▼

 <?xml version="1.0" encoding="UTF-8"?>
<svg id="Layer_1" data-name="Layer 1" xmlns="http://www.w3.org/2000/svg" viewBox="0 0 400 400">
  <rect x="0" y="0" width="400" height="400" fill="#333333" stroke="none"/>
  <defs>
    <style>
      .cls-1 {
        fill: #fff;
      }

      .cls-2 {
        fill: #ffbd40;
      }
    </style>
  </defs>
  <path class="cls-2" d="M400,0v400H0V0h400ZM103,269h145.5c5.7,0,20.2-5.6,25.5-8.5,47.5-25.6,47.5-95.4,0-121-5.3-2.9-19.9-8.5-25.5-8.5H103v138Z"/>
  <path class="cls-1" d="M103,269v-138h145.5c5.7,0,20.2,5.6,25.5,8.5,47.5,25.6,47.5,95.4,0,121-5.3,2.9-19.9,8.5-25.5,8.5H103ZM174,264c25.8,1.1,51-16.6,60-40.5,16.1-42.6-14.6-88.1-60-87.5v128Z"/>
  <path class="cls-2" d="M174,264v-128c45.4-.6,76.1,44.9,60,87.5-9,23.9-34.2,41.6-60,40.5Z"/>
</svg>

▲

(EXERCISE DESCRIPTION)
Nothing but the lines with "class" should be returned, copied from the entries above.

(ANSWER)
  <path class="cls-2" d="M400,0v400H0V0h400ZM103,269h145.5c5.7,0,20.2-5.6,25.5-8.5,47.5-25.6,47.5-95.4,0-121-5.3-2.9-19.9-8.5-25.5-8.5H103v138Z"/>
  <path class="cls-1" d="M103,269v-138h145.5c5.7,0,20.2,5.6,25.5,8.5,47.5,25.6,47.5,95.4,0,121-5.3,2.9-19.9,8.5-25.5,8.5H103ZM174,264c25.8,1.1,51-16.6,60-40.5,16.1-42.6-14.6-88.1-60-87.5v128Z"/>
  <path class="cls-2" d="M174,264v-128c45.4-.6,76.1,44.9,60,87.5-9,23.9-34.2,41.6-60,40.5Z"/>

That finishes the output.